聞言,謝三和琬玥互看一眼,果然有事情發生,連忙進了里屋,又小二帶著進了內房。
聽著小二的描述,今日開門做生意的時候,所以的書都被老鼠咬壞,也不知道哪里來的老鼠,滿屋子都是,開門的時候本來都來了幾個秀才來看書,卻看見上百只的老鼠,嚇的跑了出去,便沒有人來了。
琬玥不解的問道:“書壞了,重新印刷就是了呀!”
記憶力,書齋是有自己的印刷廠,如中國古代的活字印刷,自給自足,沒了在趕制不就可以了?反正場內都有樣本。
小二見到琬玥不知道是誰,但是見她跟著謝三便也沒有多問,不由的搖了搖頭:“一些書是可以重新印刷,但是有些書卻是出自名家之筆,印刷出來也不是真跡了,而且這些書都是鎮店之寶,從來都是租看,而不對外銷售。正是因為這些書都毀了,掌柜才暈倒!”

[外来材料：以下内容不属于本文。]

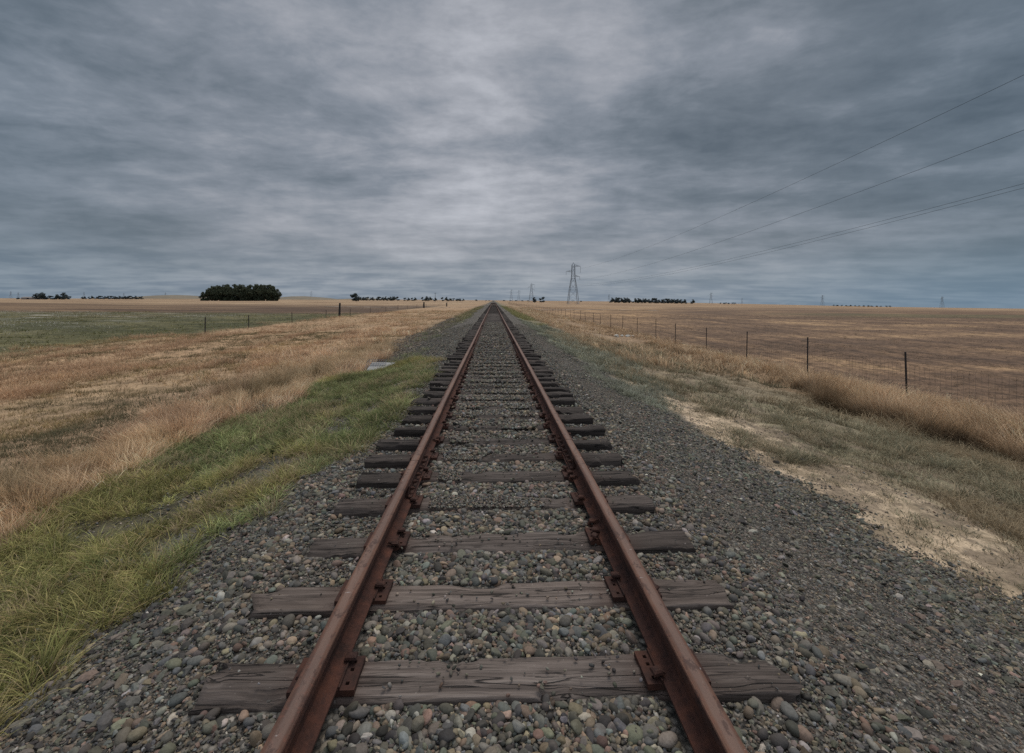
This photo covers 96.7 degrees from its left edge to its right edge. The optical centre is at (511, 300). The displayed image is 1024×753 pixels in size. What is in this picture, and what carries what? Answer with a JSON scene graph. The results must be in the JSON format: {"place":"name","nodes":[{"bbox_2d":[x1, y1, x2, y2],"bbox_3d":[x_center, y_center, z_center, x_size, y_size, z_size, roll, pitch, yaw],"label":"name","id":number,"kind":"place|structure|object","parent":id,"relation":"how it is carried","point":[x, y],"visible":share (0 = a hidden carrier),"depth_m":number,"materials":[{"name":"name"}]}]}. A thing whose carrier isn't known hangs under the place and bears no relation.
{"place":"outdoors","nodes":[
{"label":"outdoors","id":0,"kind":"place"},
{"bbox_2d":[130,295,206,298],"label":"hill","id":1,"kind":"structure","parent":0,"point":[171,297],"depth_m":1369.09,"materials":[{"name":"beige plant"}]},
{"bbox_2d":[0,315,453,550],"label":"tall dry grass","id":2,"kind":"structure","parent":0,"point":[355,358],"depth_m":8.18,"materials":[{"name":"beige plant"}]},
{"bbox_2d":[279,296,340,299],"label":"hill","id":3,"kind":"structure","parent":0,"point":[301,298],"depth_m":1577.29,"materials":[{"name":"beige plant"}]},
{"bbox_2d":[327,306,596,309],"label":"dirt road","id":4,"kind":"structure","parent":0,"point":[538,309],"depth_m":165.35,"materials":[{"name":"beige soil"}]},
{"bbox_2d":[0,298,1023,752],"bbox_3d":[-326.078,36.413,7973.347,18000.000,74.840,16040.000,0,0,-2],"label":"ground","id":5,"kind":"structure","parent":0,"point":[774,316],"depth_m":11.21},
{"bbox_2d":[38,293,50,298],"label":"shelter tree","id":6,"kind":"object","parent":5,"relation":"on","point":[42,294],"visible":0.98,"depth_m":763.05,"materials":[{"name":"green plant"}]},
{"bbox_2d":[57,292,68,299],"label":"shelter tree","id":7,"kind":"object","parent":5,"relation":"on","point":[63,294],"visible":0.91,"depth_m":771.90,"materials":[{"name":"green plant"}]},
{"bbox_2d":[0,310,353,349],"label":"wet meadow grass","id":8,"kind":"structure","parent":5,"relation":"on","point":[124,312],"depth_m":50.77,"materials":[{"name":"green plant"}]},
{"bbox_2d":[199,292,205,300],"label":"evergreen tree","id":9,"kind":"object","parent":5,"relation":"on","point":[202,294],"visible":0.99,"depth_m":503.15,"materials":[{"name":"green plant"}]},
{"bbox_2d":[204,288,212,300],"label":"evergreen tree","id":10,"kind":"object","parent":5,"relation":"on","point":[208,291],"visible":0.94,"depth_m":504.98,"materials":[{"name":"green plant"}]},
{"bbox_2d":[0,304,422,333],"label":"wire fence","id":11,"kind":"object","parent":5,"relation":"on","point":[205,321],"visible":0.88,"depth_m":36.02,"materials":[{"name":"metal"}]},
{"bbox_2d":[209,286,217,300],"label":"evergreen tree","id":12,"kind":"object","parent":5,"relation":"on","point":[213,291],"visible":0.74,"depth_m":505.16,"materials":[{"name":"green plant"}]},
{"bbox_2d":[214,285,224,300],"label":"evergreen tree","id":13,"kind":"object","parent":5,"relation":"on","point":[219,293],"visible":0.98,"depth_m":504.32,"materials":[{"name":"green plant"}]},
{"bbox_2d":[0,353,444,752],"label":"green grass","id":14,"kind":"structure","parent":5,"relation":"on","point":[276,435],"depth_m":4.28,"materials":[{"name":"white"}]},
{"bbox_2d":[219,286,232,300],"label":"evergreen tree","id":15,"kind":"object","parent":5,"relation":"on","point":[224,289],"visible":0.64,"depth_m":506.83,"materials":[{"name":"green plant"}]},
{"bbox_2d":[223,287,232,300],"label":"evergreen tree","id":16,"kind":"object","parent":5,"relation":"on","point":[227,293],"visible":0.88,"depth_m":504.31,"materials":[{"name":"green plant"}]},
{"bbox_2d":[230,286,239,300],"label":"evergreen tree","id":17,"kind":"object","parent":5,"relation":"on","point":[232,293],"visible":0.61,"depth_m":505.04,"materials":[{"name":"green plant"}]},
{"bbox_2d":[0,309,470,511],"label":"field grass","id":18,"kind":"structure","parent":5,"relation":"on","point":[15,392],"depth_m":15.16,"materials":[{"name":"brown plant"}]},
{"bbox_2d":[234,284,244,300],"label":"evergreen tree","id":19,"kind":"object","parent":5,"relation":"on","point":[239,290],"visible":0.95,"depth_m":504.45,"materials":[{"name":"green plant"}]},
{"bbox_2d":[239,287,248,300],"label":"evergreen tree","id":20,"kind":"object","parent":5,"relation":"on","point":[244,289],"visible":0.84,"depth_m":504.70,"materials":[{"name":"green plant"}]},
{"bbox_2d":[244,284,253,300],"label":"evergreen tree","id":21,"kind":"object","parent":5,"relation":"on","point":[249,291],"visible":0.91,"depth_m":504.30,"materials":[{"name":"green plant"}]},
{"bbox_2d":[249,284,259,300],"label":"evergreen tree","id":22,"kind":"object","parent":5,"relation":"on","point":[253,293],"visible":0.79,"depth_m":505.69,"materials":[{"name":"green plant"}]},
{"bbox_2d":[254,285,264,300],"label":"evergreen tree","id":23,"kind":"object","parent":5,"relation":"on","point":[258,290],"visible":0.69,"depth_m":505.25,"materials":[{"name":"green plant"}]},
{"bbox_2d":[258,285,269,300],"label":"evergreen tree","id":24,"kind":"object","parent":5,"relation":"on","point":[264,289],"visible":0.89,"depth_m":505.25,"materials":[{"name":"green plant"}]},
{"bbox_2d":[266,286,277,300],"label":"evergreen tree","id":25,"kind":"object","parent":5,"relation":"on","point":[271,293],"visible":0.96,"depth_m":508.48,"materials":[{"name":"green plant"}]},
{"bbox_2d":[274,289,281,300],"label":"evergreen tree","id":26,"kind":"object","parent":5,"relation":"on","point":[278,293],"visible":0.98,"depth_m":509.32,"materials":[{"name":"green plant"}]},
{"bbox_2d":[353,295,360,300],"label":"shelter tree","id":27,"kind":"object","parent":5,"relation":"on","point":[357,297],"visible":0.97,"depth_m":607.56,"materials":[{"name":"green plant"}]},
{"bbox_2d":[366,359,394,371],"bbox_3d":[-4.067,2.153,14.122,0.993,0.578,0.648,0,0,-10],"label":"concrete culvert","id":28,"kind":"object","parent":5,"relation":"on","point":[372,366],"visible":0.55,"depth_m":14.20,"materials":[{"name":"concrete"}]},
{"bbox_2d":[188,302,803,752],"bbox_3d":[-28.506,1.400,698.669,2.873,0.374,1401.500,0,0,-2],"label":"railway track","id":29,"kind":"structure","parent":5,"relation":"on","point":[322,680],"depth_m":2.48,"materials":[{"name":"metal"}]},
{"bbox_2d":[0,317,1023,752],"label":"ballast stones","id":30,"kind":"object","parent":5,"relation":"on","point":[632,723],"visible":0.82,"depth_m":2.66,"materials":[{"name":"grey gravel"}]},
{"bbox_2d":[566,264,580,303],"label":"transmission pylon","id":31,"kind":"object","parent":5,"relation":"on","point":[575,285],"visible":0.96,"depth_m":431.70,"materials":[{"name":"metal"}]},
{"bbox_2d":[585,75,1022,267],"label":"power cable","id":32,"kind":"object","parent":31,"relation":"attached to","point":[845,159],"visible":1,"depth_m":108.08,"materials":[{"name":"black metal"}]},
{"bbox_2d":[589,130,1022,278],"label":"power cable","id":33,"kind":"object","parent":31,"relation":"attached to","point":[865,189],"visible":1,"depth_m":104.49,"materials":[{"name":"black metal"}]},
{"bbox_2d":[591,188,1021,285],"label":"power cable","id":34,"kind":"object","parent":31,"relation":"attached to","point":[853,231],"visible":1,"depth_m":109.44,"materials":[{"name":"black metal"}]},
{"bbox_2d":[597,183,1023,283],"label":"power cable","id":35,"kind":"object","parent":31,"relation":"attached to","point":[852,228],"visible":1,"depth_m":110.03,"materials":[{"name":"black metal"}]},
{"bbox_2d":[445,305,792,418],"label":"grass","id":36,"kind":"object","parent":5,"relation":"on","point":[628,390],"visible":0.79,"depth_m":15.96,"materials":[{"name":"green"}]},
{"bbox_2d":[508,302,1023,417],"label":"wire fence","id":37,"kind":"object","parent":5,"relation":"on","point":[905,359],"visible":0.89,"depth_m":19.53,"materials":[{"name":"metal"}]},
{"bbox_2d":[558,314,1023,416],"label":"stubble","id":38,"kind":"object","parent":5,"relation":"on","point":[953,377],"visible":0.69,"depth_m":31.00,"materials":[{"name":"beige plant"}]},
{"bbox_2d":[0,0,1023,308],"label":"sky","id":39,"kind":"structure","parent":0,"point":[335,149],"materials":[{"name":"grey"}]},
{"bbox_2d":[366,314,1023,640],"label":"matted grass","id":40,"kind":"structure","parent":0,"point":[876,436],"depth_m":8.26,"materials":[{"name":"brown plant"}]},
{"bbox_2d":[505,305,1023,467],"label":"dry grass","id":41,"kind":"structure","parent":0,"point":[985,425],"depth_m":13.81,"materials":[{"name":"beige plant"}]}
]}

聽到這里,琬玥和謝三才知道謝二暈倒了,鎮店之寶都毀了,整個書齋的魂自然也沒了,怪不得謝二會暈倒。
琬玥和謝三看了會昏迷不醒的謝二,不久便離去。
如今德滿樓是找不到材料,綢緞莊是沒了人來買,而書齋完全都名存實亡了!
琬玥瞇著眼,眼里全是憤怒,丞相府,傅雨珊,沐琬瑾,沐琬玜,還真是把她當病貓了?
“小姐,現在如何是好?”謝三在琬玥旁邊無奈的嘆口氣,這是賣不出去,存貨堆積。謝大那里和他完全相反,這住客棧的人要是沒有了吃的,那還不鬧騰?

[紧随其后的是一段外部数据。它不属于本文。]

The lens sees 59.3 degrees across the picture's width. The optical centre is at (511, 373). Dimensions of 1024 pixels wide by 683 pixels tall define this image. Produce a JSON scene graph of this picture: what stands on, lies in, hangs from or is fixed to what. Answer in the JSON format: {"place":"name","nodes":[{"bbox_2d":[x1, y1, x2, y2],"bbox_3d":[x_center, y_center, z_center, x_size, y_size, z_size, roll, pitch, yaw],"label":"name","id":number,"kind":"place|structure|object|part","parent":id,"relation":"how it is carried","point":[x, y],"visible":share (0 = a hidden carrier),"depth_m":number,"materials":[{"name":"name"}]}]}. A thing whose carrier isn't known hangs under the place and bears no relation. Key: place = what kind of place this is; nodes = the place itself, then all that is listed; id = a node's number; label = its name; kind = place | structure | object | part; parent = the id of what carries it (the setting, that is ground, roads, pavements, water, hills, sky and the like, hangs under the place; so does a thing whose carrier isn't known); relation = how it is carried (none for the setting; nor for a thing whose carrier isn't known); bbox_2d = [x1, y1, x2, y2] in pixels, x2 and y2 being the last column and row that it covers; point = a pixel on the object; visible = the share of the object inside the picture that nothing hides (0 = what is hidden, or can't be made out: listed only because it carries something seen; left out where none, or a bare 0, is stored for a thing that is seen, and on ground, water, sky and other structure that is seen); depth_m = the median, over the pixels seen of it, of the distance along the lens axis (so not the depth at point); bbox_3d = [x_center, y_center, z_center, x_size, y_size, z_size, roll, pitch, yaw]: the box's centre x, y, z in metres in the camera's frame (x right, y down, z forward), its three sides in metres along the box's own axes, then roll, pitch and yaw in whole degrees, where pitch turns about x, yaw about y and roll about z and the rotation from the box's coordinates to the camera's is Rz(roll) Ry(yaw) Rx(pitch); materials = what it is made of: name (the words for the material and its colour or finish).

琬玥并未回答,走了一路,完全都是低著頭。謝三見此便搖了搖頭沒有在說道,一個小女子,又有什么辦法?
原本低頭走路的琬玥,突然停住了腳步,抬起了頭,朝著一些嬌滴滴魅惑的聲音望去,便見到自己現在正站到一家青樓的面前。
看到那些穿的花枝招展,衣衫暴露,姿態婀娜的女子。突然腦袋一閃,嘴角慢慢的勾了起來,眼睛流光閃動,對著旁邊的謝三說道:“有了!”
房內的四角立著漢白玉地柱子,四周地墻壁全是白色石磚雕砌而成,黃金雕成地蘭花在白石之間妖艷地綻放,青色地紗簾隨風飄動,驚起屋內一片氤氳。男子靜坐在浴詞里,享受著清晨舒爽。墨色的發梢隨著風吹動,古銅色的肌膚在此情此景之下,特為的迷人。
雷恭敬的走到屏風后面,對著里面的男子說道:“城主,丞相府下手了!”
說完等了一會兒,卻沒有聽到屏風那邊的回話,不由的再次出聲道:“屬下是否前去幫忙?”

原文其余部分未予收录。